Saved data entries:
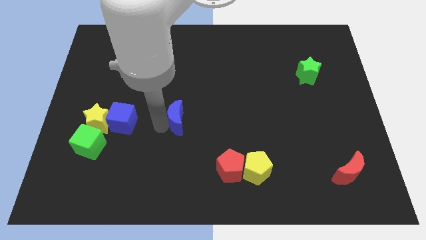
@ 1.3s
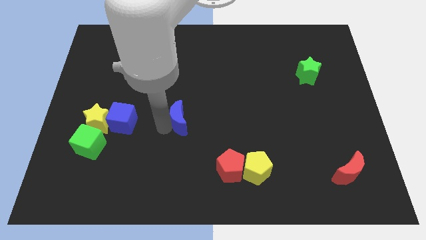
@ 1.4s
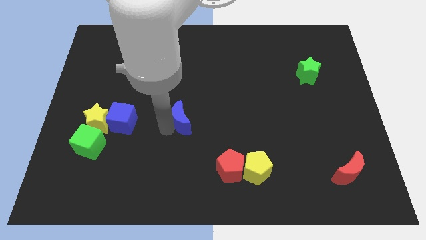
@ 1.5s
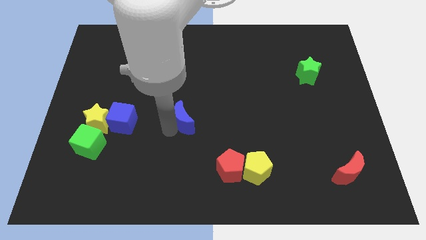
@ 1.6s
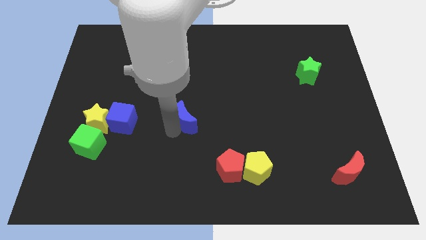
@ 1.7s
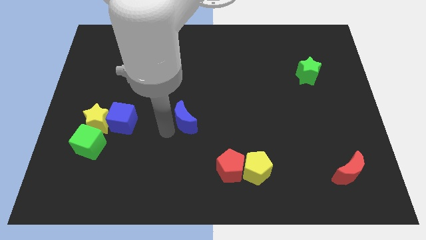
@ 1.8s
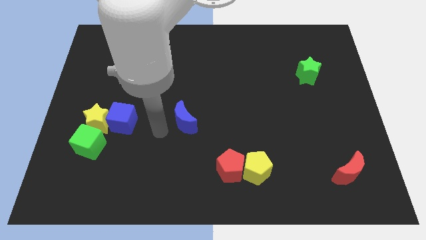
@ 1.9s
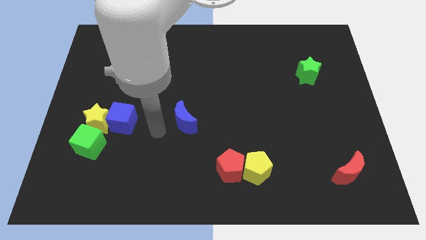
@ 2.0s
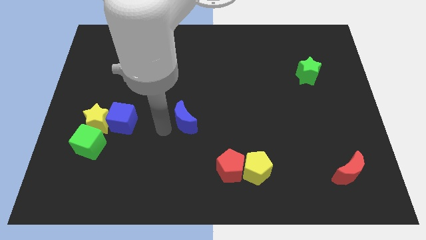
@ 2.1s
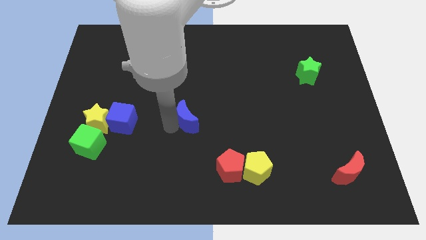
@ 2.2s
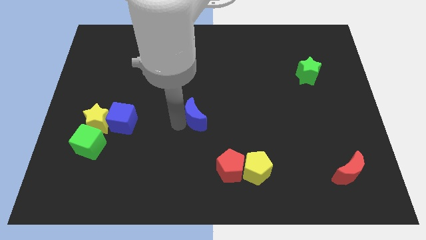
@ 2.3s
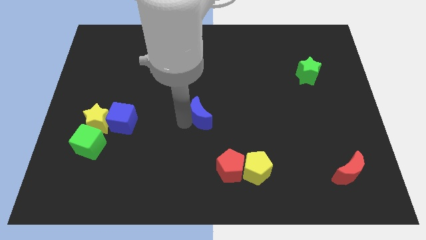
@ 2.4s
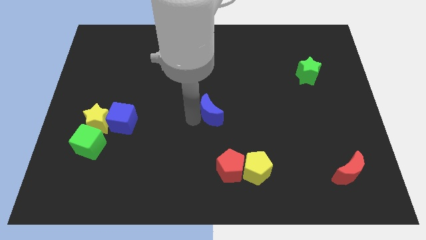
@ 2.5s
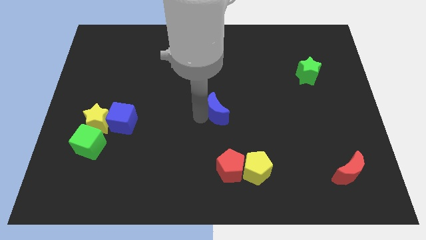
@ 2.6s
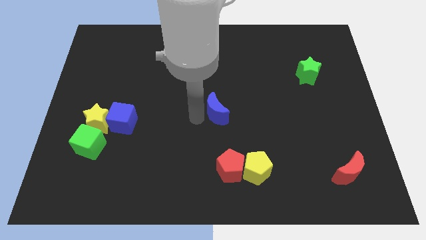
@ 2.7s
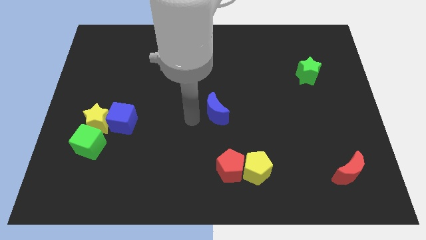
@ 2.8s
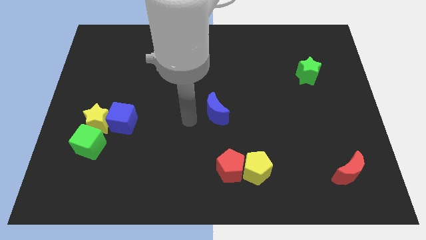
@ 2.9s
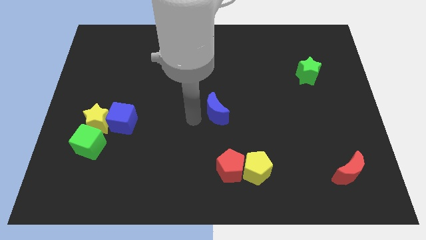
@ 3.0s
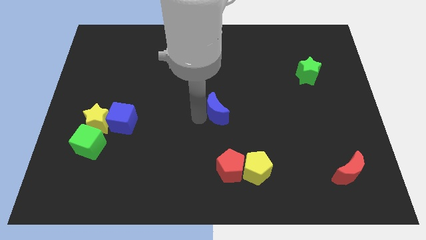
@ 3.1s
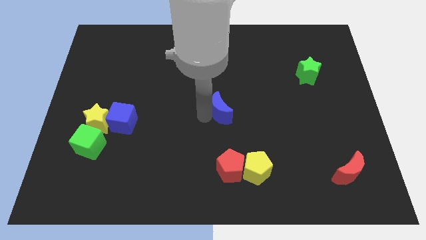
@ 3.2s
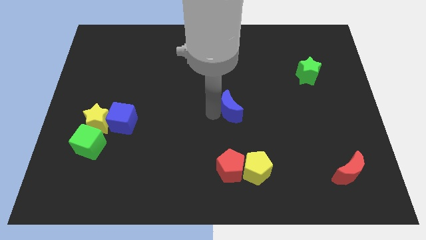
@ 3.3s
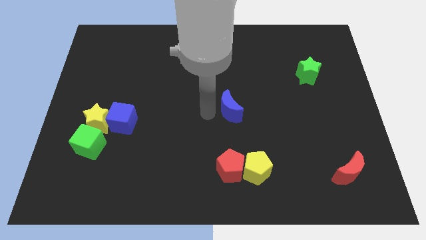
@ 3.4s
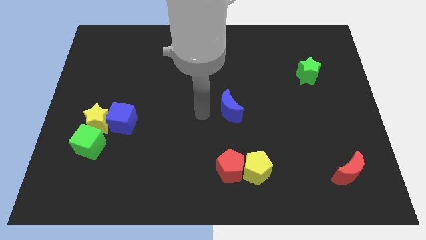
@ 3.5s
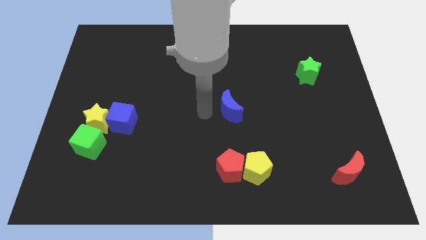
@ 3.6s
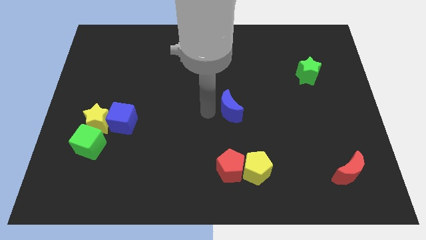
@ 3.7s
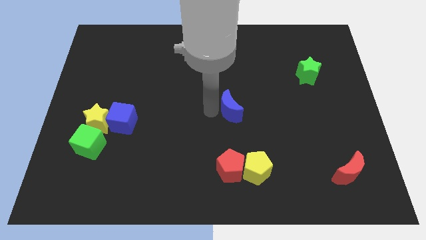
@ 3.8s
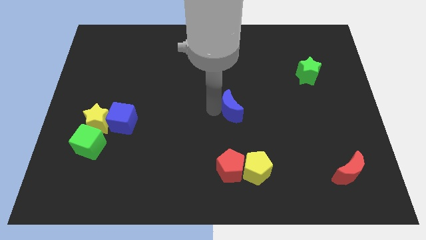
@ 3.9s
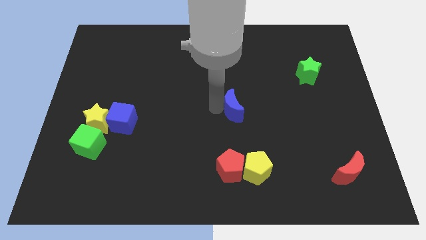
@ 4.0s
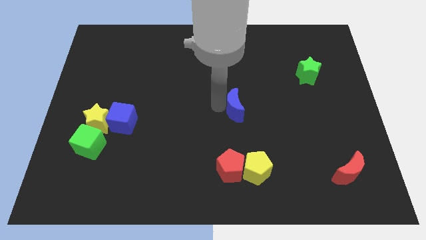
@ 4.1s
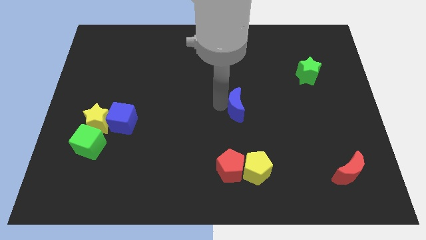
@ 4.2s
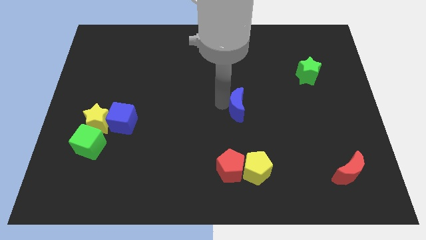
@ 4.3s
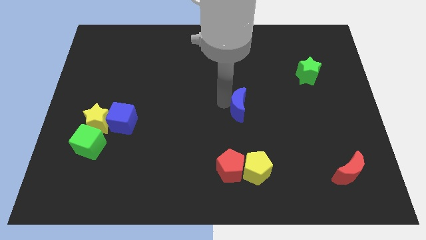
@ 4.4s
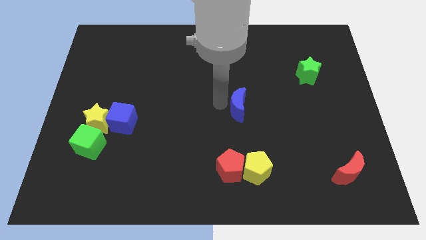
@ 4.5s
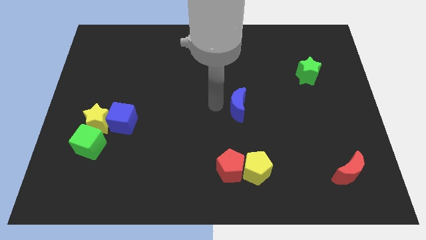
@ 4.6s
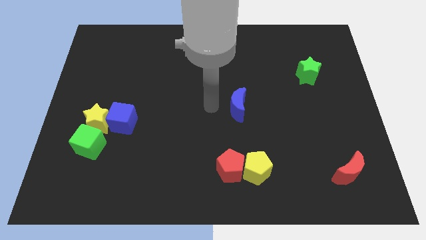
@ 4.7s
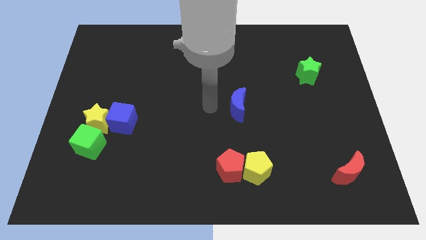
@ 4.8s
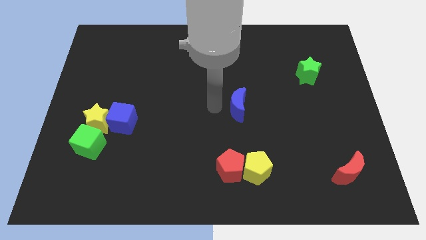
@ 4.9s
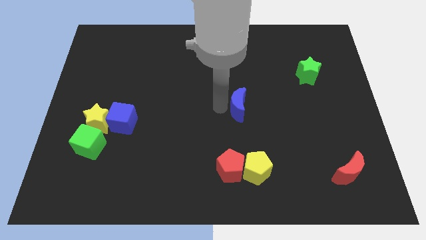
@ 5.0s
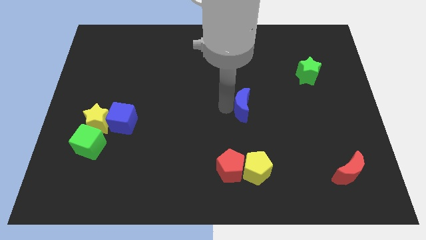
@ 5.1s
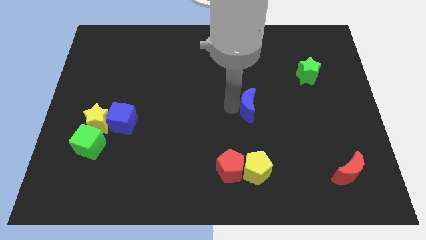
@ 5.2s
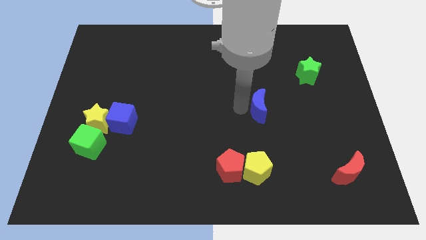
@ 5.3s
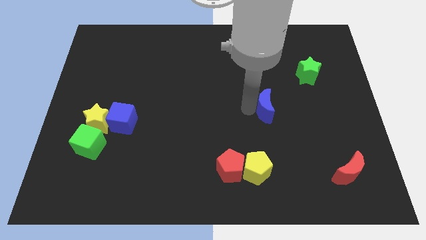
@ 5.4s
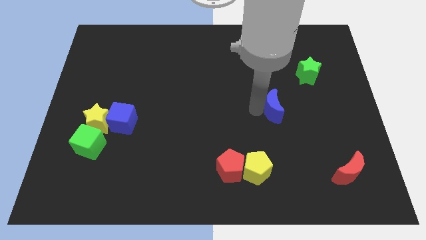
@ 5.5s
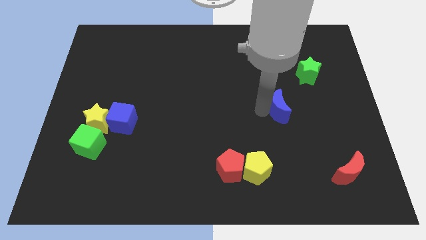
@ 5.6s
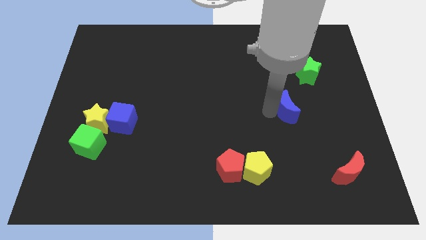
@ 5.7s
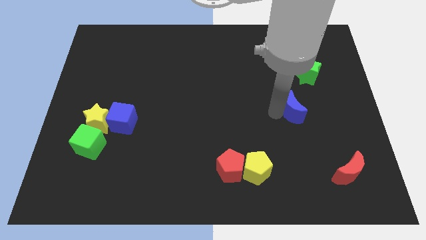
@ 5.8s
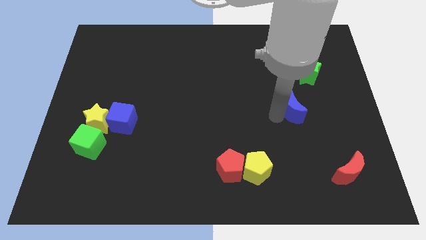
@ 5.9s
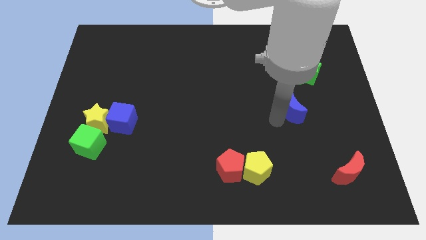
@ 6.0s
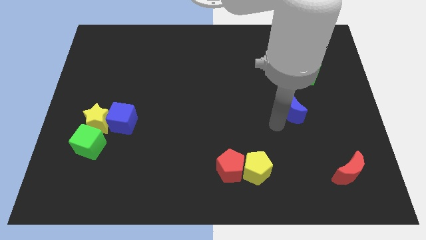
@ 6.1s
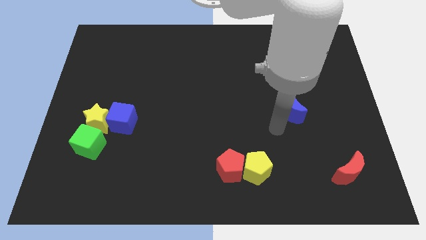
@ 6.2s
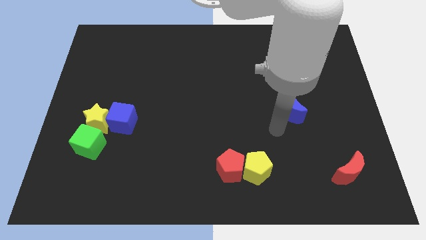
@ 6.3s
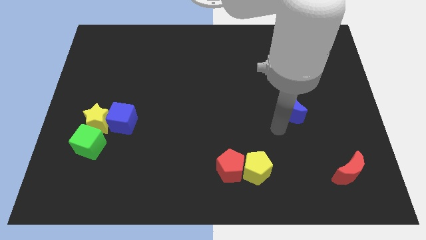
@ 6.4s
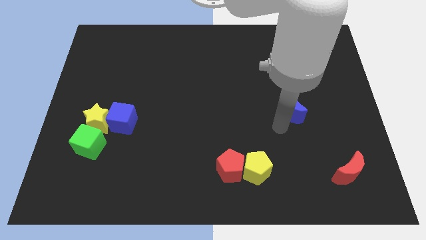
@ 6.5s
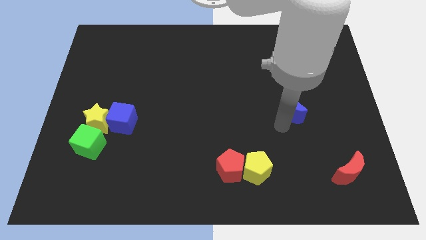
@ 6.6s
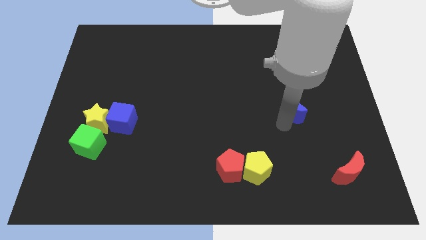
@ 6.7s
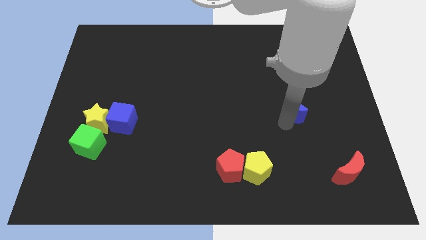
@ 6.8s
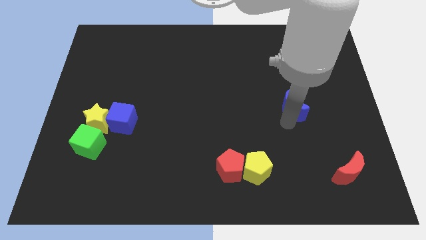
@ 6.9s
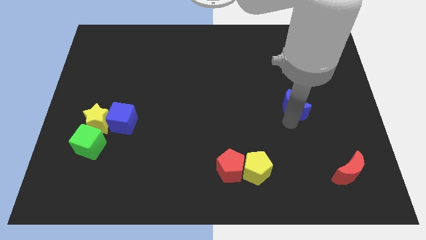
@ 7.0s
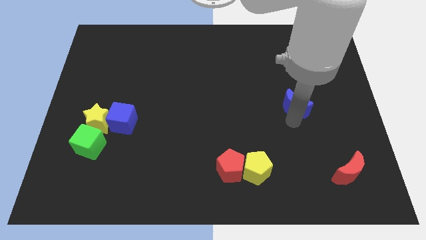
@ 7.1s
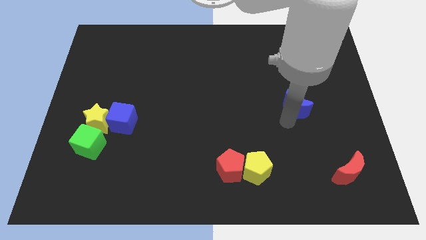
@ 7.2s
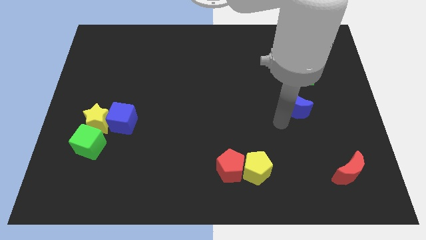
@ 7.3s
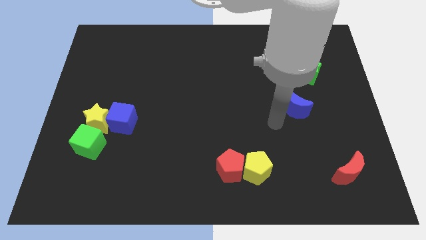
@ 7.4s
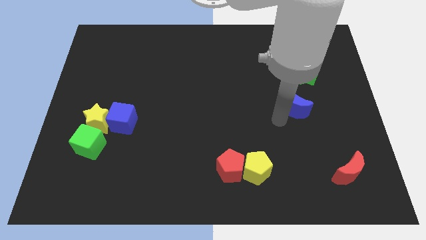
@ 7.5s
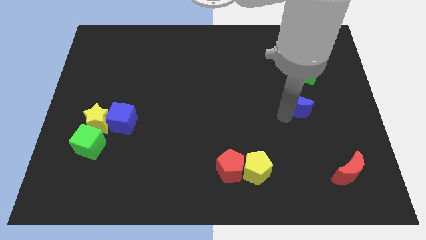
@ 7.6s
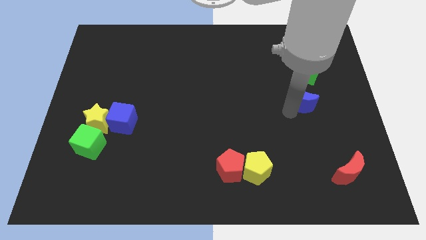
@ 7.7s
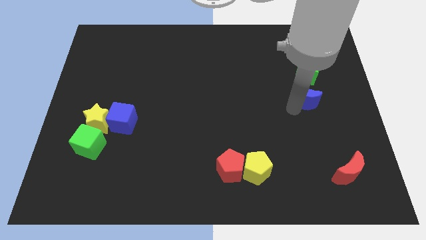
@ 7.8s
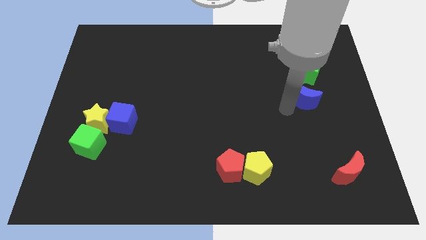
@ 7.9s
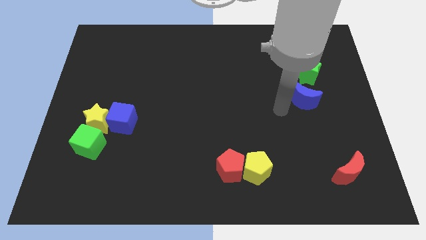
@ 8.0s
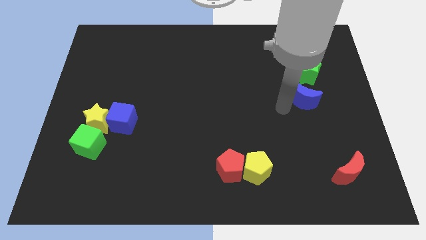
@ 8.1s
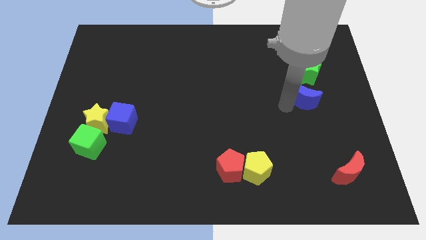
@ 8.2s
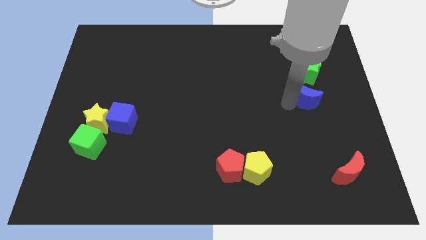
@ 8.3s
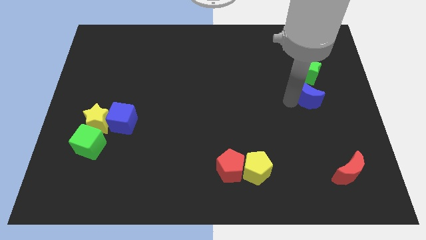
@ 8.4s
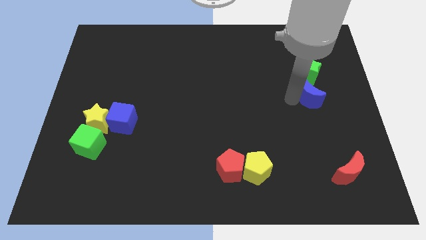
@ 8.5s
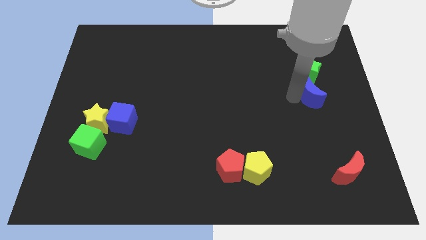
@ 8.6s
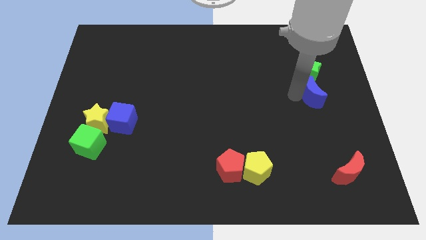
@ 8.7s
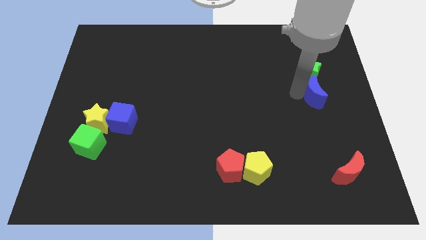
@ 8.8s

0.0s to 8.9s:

ACTIVITY
The complete set of records should be written out again, pictures excluded.

TASK RESPONSE
@ 1.3s
@ 1.4s
@ 1.5s
@ 1.6s
@ 1.7s
@ 1.8s
@ 1.9s
@ 2.0s
@ 2.1s
@ 2.2s
@ 2.3s
@ 2.4s
@ 2.5s
@ 2.6s
@ 2.7s
@ 2.8s
@ 2.9s
@ 3.0s
@ 3.1s
@ 3.2s
@ 3.3s
@ 3.4s
@ 3.5s
@ 3.6s
@ 3.7s
@ 3.8s
@ 3.9s
@ 4.0s
@ 4.1s
@ 4.2s
@ 4.3s
@ 4.4s
@ 4.5s
@ 4.6s
@ 4.7s
@ 4.8s
@ 4.9s
@ 5.0s
@ 5.1s
@ 5.2s
@ 5.3s
@ 5.4s
@ 5.5s
@ 5.6s
@ 5.7s
@ 5.8s
@ 5.9s
@ 6.0s
@ 6.1s
@ 6.2s
@ 6.3s
@ 6.4s
@ 6.5s
@ 6.6s
@ 6.7s
@ 6.8s
@ 6.9s
@ 7.0s
@ 7.1s
@ 7.2s
@ 7.3s
@ 7.4s
@ 7.5s
@ 7.6s
@ 7.7s
@ 7.8s
@ 7.9s
@ 8.0s
@ 8.1s
@ 8.2s
@ 8.3s
@ 8.4s
@ 8.5s
@ 8.6s
@ 8.7s
@ 8.8s

0.0s to 8.9s:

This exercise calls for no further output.